*** Begin section ***
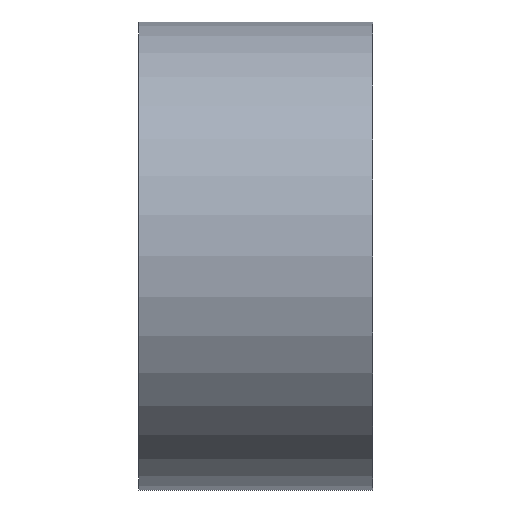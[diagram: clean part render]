
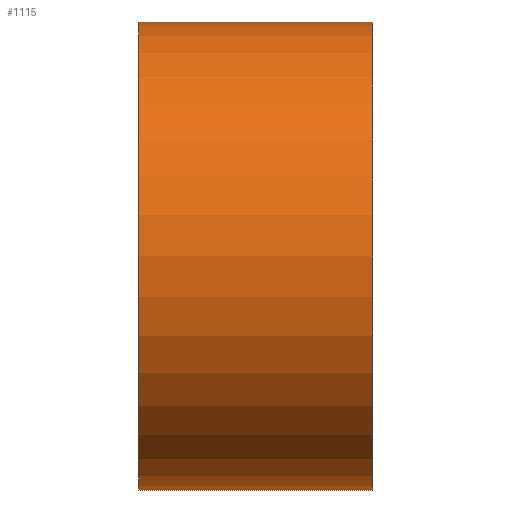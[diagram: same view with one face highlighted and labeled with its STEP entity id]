
A CAD part, left-side view. The second image highlights one B-rep face of the part: STEP entity #1115.
In plain terms, the highlighted cylindrical face has radius 25 mm (diameter 50 mm), a partial arc.
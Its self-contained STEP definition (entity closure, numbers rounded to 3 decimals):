
#24 = DIRECTION ( 'NONE',  ( 0., 0., -1. ) ) ;
#43 = CARTESIAN_POINT ( 'NONE',  ( 0., 25., 0. ) ) ;
#72 = ORIENTED_EDGE ( 'NONE', *, *, #945, .F. ) ;
#115 = EDGE_LOOP ( 'NONE', ( #202, #1957, #1831, #72 ) ) ;
#202 = ORIENTED_EDGE ( 'NONE', *, *, #1841, .F. ) ;
#204 = FACE_OUTER_BOUND ( 'NONE', #115, .T. ) ;
#304 = EDGE_CURVE ( 'NONE', #914, #1094, #870, .T. ) ;
#471 = AXIS2_PLACEMENT_3D ( 'NONE', #43, #2433, #1107 ) ;
#569 = VECTOR ( 'NONE', #2350, 1000. ) ;
#670 = CARTESIAN_POINT ( 'NONE',  ( 0., 25., 25. ) ) ;
#678 = DIRECTION ( 'NONE',  ( 0., -1., 0. ) ) ;
#705 = AXIS2_PLACEMENT_3D ( 'NONE', #1141, #1679, #2039 ) ;
#870 = CIRCLE ( 'NONE', #471, 25. ) ;
#888 = AXIS2_PLACEMENT_3D ( 'NONE', #1471, #2228, #24 ) ;
#914 = VERTEX_POINT ( 'NONE', #670 ) ;
#945 = EDGE_CURVE ( 'NONE', #1138, #1210, #1065, .T. ) ;
#966 = CYLINDRICAL_SURFACE ( 'NONE', #888, 25. ) ;
#1051 = CARTESIAN_POINT ( 'NONE',  ( 0., 0., 25. ) ) ;
#1065 = CIRCLE ( 'NONE', #705, 25. ) ;
#1094 = VERTEX_POINT ( 'NONE', #2074 ) ;
#1095 = LINE ( 'NONE', #1051, #2201 ) ;
#1107 = DIRECTION ( 'NONE',  ( 0., 0., -1. ) ) ;
#1115 = ADVANCED_FACE ( 'NONE', ( #204 ), #966, .T. ) ;
#1138 = VERTEX_POINT ( 'NONE', #1393 ) ;
#1141 = CARTESIAN_POINT ( 'NONE',  ( 0., 0., 0. ) ) ;
#1210 = VERTEX_POINT ( 'NONE', #1964 ) ;
#1393 = CARTESIAN_POINT ( 'NONE',  ( 0., 0., 25. ) ) ;
#1471 = CARTESIAN_POINT ( 'NONE',  ( 0., 0., 0. ) ) ;
#1679 = DIRECTION ( 'NONE',  ( 0., -1., 0. ) ) ;
#1784 = LINE ( 'NONE', #1960, #569 ) ;
#1812 = EDGE_CURVE ( 'NONE', #1094, #1210, #1784, .T. ) ;
#1831 = ORIENTED_EDGE ( 'NONE', *, *, #1812, .T. ) ;
#1841 = EDGE_CURVE ( 'NONE', #914, #1138, #1095, .T. ) ;
#1957 = ORIENTED_EDGE ( 'NONE', *, *, #304, .T. ) ;
#1960 = CARTESIAN_POINT ( 'NONE',  ( 0., 0., -25. ) ) ;
#1964 = CARTESIAN_POINT ( 'NONE',  ( 0., 0., -25. ) ) ;
#2039 = DIRECTION ( 'NONE',  ( 0., 0., -1. ) ) ;
#2074 = CARTESIAN_POINT ( 'NONE',  ( 0., 25., -25. ) ) ;
#2201 = VECTOR ( 'NONE', #678, 1000. ) ;
#2228 = DIRECTION ( 'NONE',  ( 0., -1., 0. ) ) ;
#2350 = DIRECTION ( 'NONE',  ( 0., -1., 0. ) ) ;
#2433 = DIRECTION ( 'NONE',  ( 0., -1., 0. ) ) ;
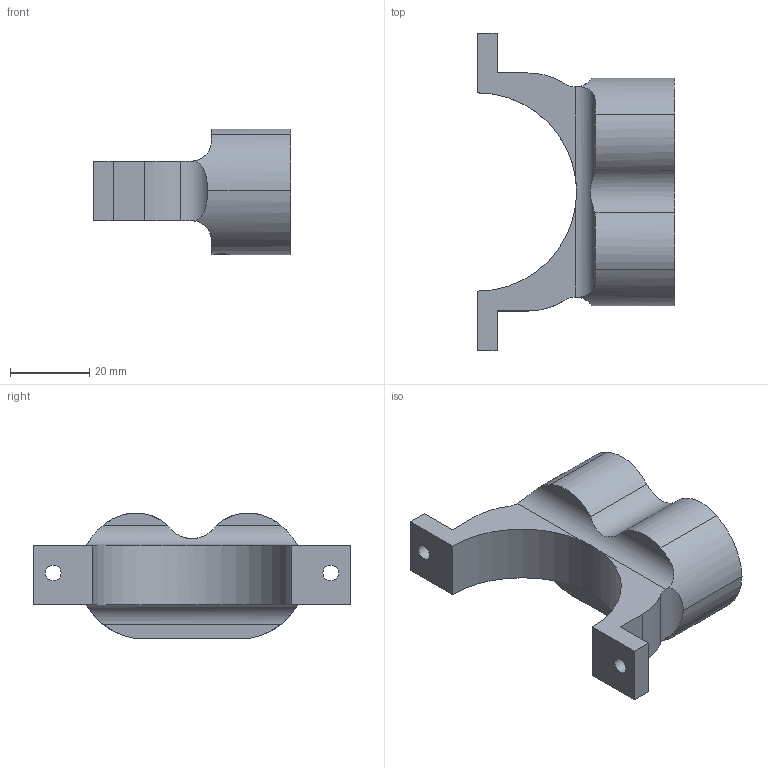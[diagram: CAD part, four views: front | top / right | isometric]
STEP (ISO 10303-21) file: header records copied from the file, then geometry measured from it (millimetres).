
FILE_DESCRIPTION(/* description */ ('STEP AP242','CAx-IF Rec.Pracs.---Representation and Presentation of Product Manufacturing Information (PMI)---4.0---2014-10-13','CAx-IF Rec.Pracs.---3D Tessellated Geometry---0.4---2014-09-14','2;1'),/* implementation_level */ '2;1');
FILE_NAME(/* name */ 'bikeHOLDERLIGHT parts - Main-TypeB',/* time_stamp */ '2025-04-18T12:08:52Z',/* author */ (''),/* organization */ (''),/* preprocessor_version */ 'ST-DEVELOPER v20',/* originating_system */ 'ONSHAPE BY PTC INC, 1.196',/* authorisation */ ' ');
FILE_SCHEMA (('AP242_MANAGED_MODEL_BASED_3D_ENGINEERING_MIM_LF { 1 0 10303 442 1 1 4 }'));
Length unit declared in the file: metre
Products named in the file (1): Main-TypeB
Bounding box: 49.74 x 80 x 31.75 mm (x, y, z)
Volume: 32455.5 mm3; surface area: 12300.8 mm2
Topology: 1 solids, 1 shells, 60 faces, 164 edges, 109 vertices
Faces by surface type: plane 34, cylinder 26
Full cylindrical faces by diameter (mm): 2.2 x5, 3.6 x1, 4 x2, 21.6 x2
Entity records: 1899 total; most frequent: CARTESIAN_POINT 403, DIRECTION 306, ORIENTED_EDGE 296, EDGE_CURVE 148, AXIS2_PLACEMENT_3D 116, VERTEX_POINT 104, EDGE_LOOP 80, FACE_BOUND 80
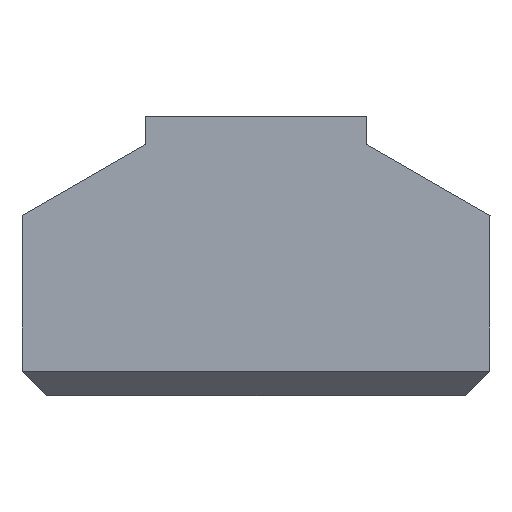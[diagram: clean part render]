
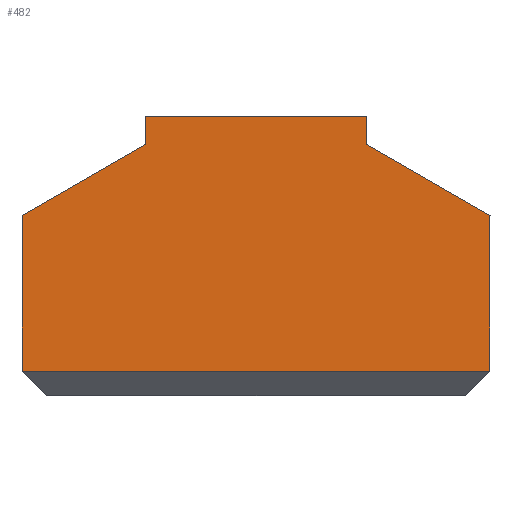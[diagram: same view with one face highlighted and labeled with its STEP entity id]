
A CAD part, left-side view. The second image highlights one B-rep face of the part: STEP entity #482.
In plain terms, the highlighted planar face has unit normal (-1, 0, 0).
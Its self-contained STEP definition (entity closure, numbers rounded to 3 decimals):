
#35=FACE_OUTER_BOUND('',#64,.T.);
#64=EDGE_LOOP('',(#373,#374,#375,#376,#377,#378,#379,#380));
#116=LINE('',#740,#179);
#117=LINE('',#743,#180);
#118=LINE('',#745,#181);
#119=LINE('',#747,#182);
#120=LINE('',#749,#183);
#121=LINE('',#751,#184);
#122=LINE('',#753,#185);
#123=LINE('',#754,#186);
#179=VECTOR('',#606,10.);
#180=VECTOR('',#609,10.);
#181=VECTOR('',#610,10.);
#182=VECTOR('',#611,10.);
#183=VECTOR('',#612,10.);
#184=VECTOR('',#613,10.);
#185=VECTOR('',#614,10.);
#186=VECTOR('',#615,10.);
#227=VERTEX_POINT('',#728);
#229=VERTEX_POINT('',#736);
#230=VERTEX_POINT('',#742);
#231=VERTEX_POINT('',#744);
#232=VERTEX_POINT('',#746);
#233=VERTEX_POINT('',#748);
#234=VERTEX_POINT('',#750);
#235=VERTEX_POINT('',#752);
#282=EDGE_CURVE('',#227,#229,#116,.T.);
#283=EDGE_CURVE('',#227,#230,#117,.T.);
#284=EDGE_CURVE('',#230,#231,#118,.T.);
#285=EDGE_CURVE('',#231,#232,#119,.T.);
#286=EDGE_CURVE('',#232,#233,#120,.T.);
#287=EDGE_CURVE('',#233,#234,#121,.T.);
#288=EDGE_CURVE('',#234,#235,#122,.T.);
#289=EDGE_CURVE('',#235,#229,#123,.T.);
#373=ORIENTED_EDGE('',*,*,#282,.F.);
#374=ORIENTED_EDGE('',*,*,#283,.T.);
#375=ORIENTED_EDGE('',*,*,#284,.T.);
#376=ORIENTED_EDGE('',*,*,#285,.T.);
#377=ORIENTED_EDGE('',*,*,#286,.T.);
#378=ORIENTED_EDGE('',*,*,#287,.T.);
#379=ORIENTED_EDGE('',*,*,#288,.T.);
#380=ORIENTED_EDGE('',*,*,#289,.T.);
#455=PLANE('',#524);
#482=ADVANCED_FACE('',(#35),#455,.T.);
#524=AXIS2_PLACEMENT_3D('',#741,#607,#608);
#606=DIRECTION('',(0.,1.,0.));
#607=DIRECTION('center_axis',(-1.,0.,0.));
#608=DIRECTION('ref_axis',(0.,0.,1.));
#609=DIRECTION('',(0.,0.,1.));
#610=DIRECTION('',(0.,0.866,0.5));
#611=DIRECTION('',(0.,0.,1.));
#612=DIRECTION('',(0.,1.,0.));
#613=DIRECTION('',(0.,0.,-1.));
#614=DIRECTION('',(0.,0.866,-0.5));
#615=DIRECTION('',(0.,0.,-1.));
#728=CARTESIAN_POINT('',(238.748,58.315,57.5));
#736=CARTESIAN_POINT('',(238.748,67.815,57.5));
#740=CARTESIAN_POINT('',(238.748,65.44,57.5));
#741=CARTESIAN_POINT('Origin',(238.748,63.065,59.839));
#742=CARTESIAN_POINT('',(238.748,58.315,60.662));
#743=CARTESIAN_POINT('',(238.748,58.315,57.));
#744=CARTESIAN_POINT('',(238.748,60.815,62.106));
#745=CARTESIAN_POINT('',(238.748,58.315,60.662));
#746=CARTESIAN_POINT('',(238.748,60.815,62.678));
#747=CARTESIAN_POINT('',(238.748,60.815,62.106));
#748=CARTESIAN_POINT('',(238.748,65.315,62.678));
#749=CARTESIAN_POINT('',(238.748,60.815,62.678));
#750=CARTESIAN_POINT('',(238.748,65.315,62.106));
#751=CARTESIAN_POINT('',(238.748,65.315,63.25));
#752=CARTESIAN_POINT('',(238.748,67.815,60.662));
#753=CARTESIAN_POINT('',(238.748,65.315,62.106));
#754=CARTESIAN_POINT('',(238.748,67.815,60.662));
*** End section ***
PROBLEM TO WORK ON →
In the listing above, find the line containing "#455=PLANE('',#524);" and the line containing "#749=CARTESIAN_POINT('',(238.748,60.815,62.678));", then quote both, plus every line between them, exactly as written.

EXERCISE OUTPUT →
#455=PLANE('',#524);
#482=ADVANCED_FACE('',(#35),#455,.T.);
#524=AXIS2_PLACEMENT_3D('',#741,#607,#608);
#606=DIRECTION('',(0.,1.,0.));
#607=DIRECTION('center_axis',(-1.,0.,0.));
#608=DIRECTION('ref_axis',(0.,0.,1.));
#609=DIRECTION('',(0.,0.,1.));
#610=DIRECTION('',(0.,0.866,0.5));
#611=DIRECTION('',(0.,0.,1.));
#612=DIRECTION('',(0.,1.,0.));
#613=DIRECTION('',(0.,0.,-1.));
#614=DIRECTION('',(0.,0.866,-0.5));
#615=DIRECTION('',(0.,0.,-1.));
#728=CARTESIAN_POINT('',(238.748,58.315,57.5));
#736=CARTESIAN_POINT('',(238.748,67.815,57.5));
#740=CARTESIAN_POINT('',(238.748,65.44,57.5));
#741=CARTESIAN_POINT('Origin',(238.748,63.065,59.839));
#742=CARTESIAN_POINT('',(238.748,58.315,60.662));
#743=CARTESIAN_POINT('',(238.748,58.315,57.));
#744=CARTESIAN_POINT('',(238.748,60.815,62.106));
#745=CARTESIAN_POINT('',(238.748,58.315,60.662));
#746=CARTESIAN_POINT('',(238.748,60.815,62.678));
#747=CARTESIAN_POINT('',(238.748,60.815,62.106));
#748=CARTESIAN_POINT('',(238.748,65.315,62.678));
#749=CARTESIAN_POINT('',(238.748,60.815,62.678));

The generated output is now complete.